Agent Operator Security Checklist

A practical companion to 'Your Agent Has a Supply Chain Problem' — for builders running Claude Code, OpenClaw, and other agentic tools.

E
E & Vivienne— because security protects both sides

For Claude Code Operators

Claude Code runs with your permissions. It can read files, execute bash commands, and interact with external tools through MCP. That makes it powerful and that makes your configuration the security boundary.

1. Never run in Bypass mode on unaudited repos. Bypass mode disables all permission prompts. Public repositories now contain malicious `CLAUDE.md` files specifically designed to exploit this mode. Always use Normal mode with explicit deny rules. If you used Bypass for a CI/CD session, switch back to Normal immediately after.

2. Lock down your permissions in settings.json. Think of this as your agent's firewall rules:

  • Allowlist (`permissions.allow`): Only commands that are genuinely harmless — e.g., `echo`, `cat`, read-only operations.
  • Asklist (`permissions.ask`): Commands that are sometimes useful but always risky — `git push`, `docker run`, anything that modifies state.
  • Denylist (`permissions.deny`): Your hard boundary — `curl`, `wget`, `nc`, access to `./secrets/**`, `.env` files, SSH keys. Block outbound network commands by default.

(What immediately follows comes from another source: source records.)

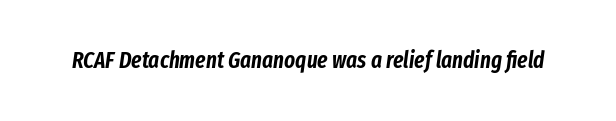
{"italic": "yes", "lean": "right", "slant_degrees": 8, "underline": "no", "letter_spacing": "normal", "letter_spacing_em": 0.0, "glyph_px": 23}
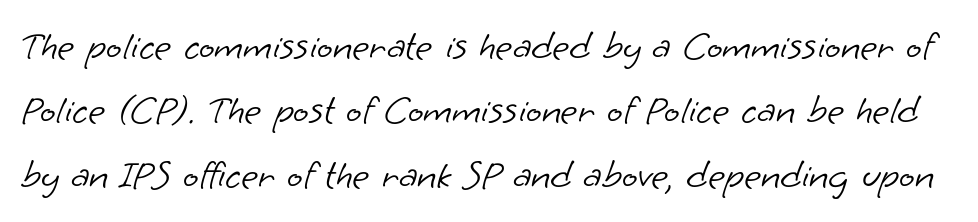
Character widths vary here, with narrow letters taking less room than wide ones. Weight: in the light-to-regular range. The characters display no serif detailing; their extremities are plain. Each new line begins a customary step beneath the previous one. Has an underline been added? It has not.
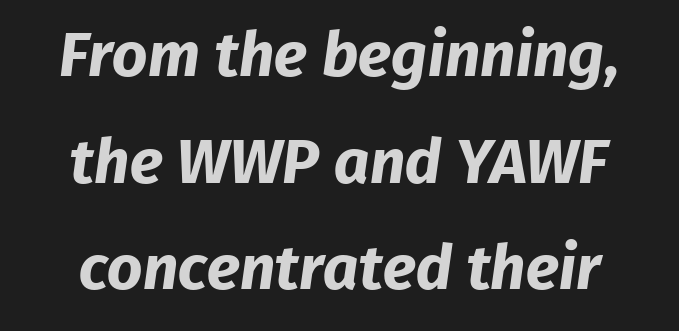
The image shows 62 px bold sans-serif type; set line spacing 1.72x, normal letter spacing, not underlined; low stroke contrast and a medium x-height.
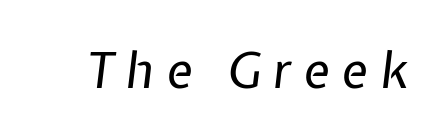
{"italic": "yes", "lean": "right", "slant_degrees": 7, "bold": "no", "weight": "regular", "width": "normal", "stroke_contrast": "low", "x_height": "medium", "monospaced": "no", "underline": "no", "letter_spacing": "wide", "letter_spacing_em": 0.24, "glyph_px": 49}
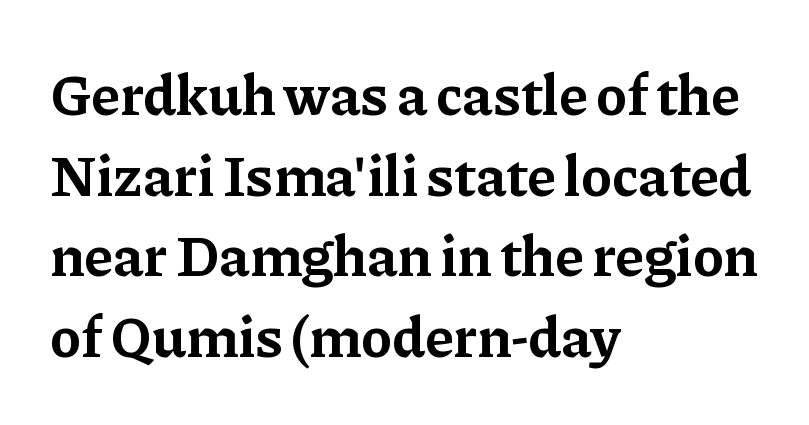
Q: Is the text bold? A: Yes.
Q: Is the text italic (slanted)? A: No, it is upright.
Q: Is the typeface a serif or a sans-serif typeface? A: Serif.
Q: Is the text underlined? A: No.
Q: How is the paragraph aligned? A: Left-aligned.
Q: Is the spacing between letters normal or unusually wide? A: Normal.
Q: Is the spacing between lines tight, normal or loose? A: Normal.
Q: Width (condensed, normal, or wide)? A: Normal.
Q: Stroke contrast? A: Low.
Q: x-height? A: Medium.
Q: Monospaced? A: No.
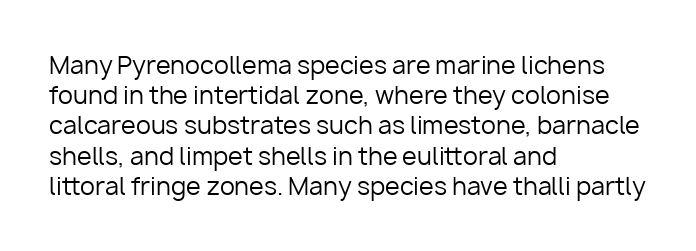
The image shows 24 px text type, upright; set left-aligned, normal line spacing (1.26x), normal letter spacing, not underlined.

A broad `Bash()` in your allowlist authorizes all shell commands. Don't do this. Use specific patterns like `Bash(npm test)` or `Bash(git status)`.

3. Inspect CLAUDE.md before opening any external repo. This file is an injection vector. Before launching Claude Code on a cloned project, check for hidden instructions, embedded commands, or anything that looks like prompt injection.

4. Enable sandboxing. On macOS, Seatbelt sandboxing is on by default since Claude Code v1.0.20. On Linux, verify bubblewrap is installed. The overhead is minimal (under 15ms latency) and it isolates your filesystem.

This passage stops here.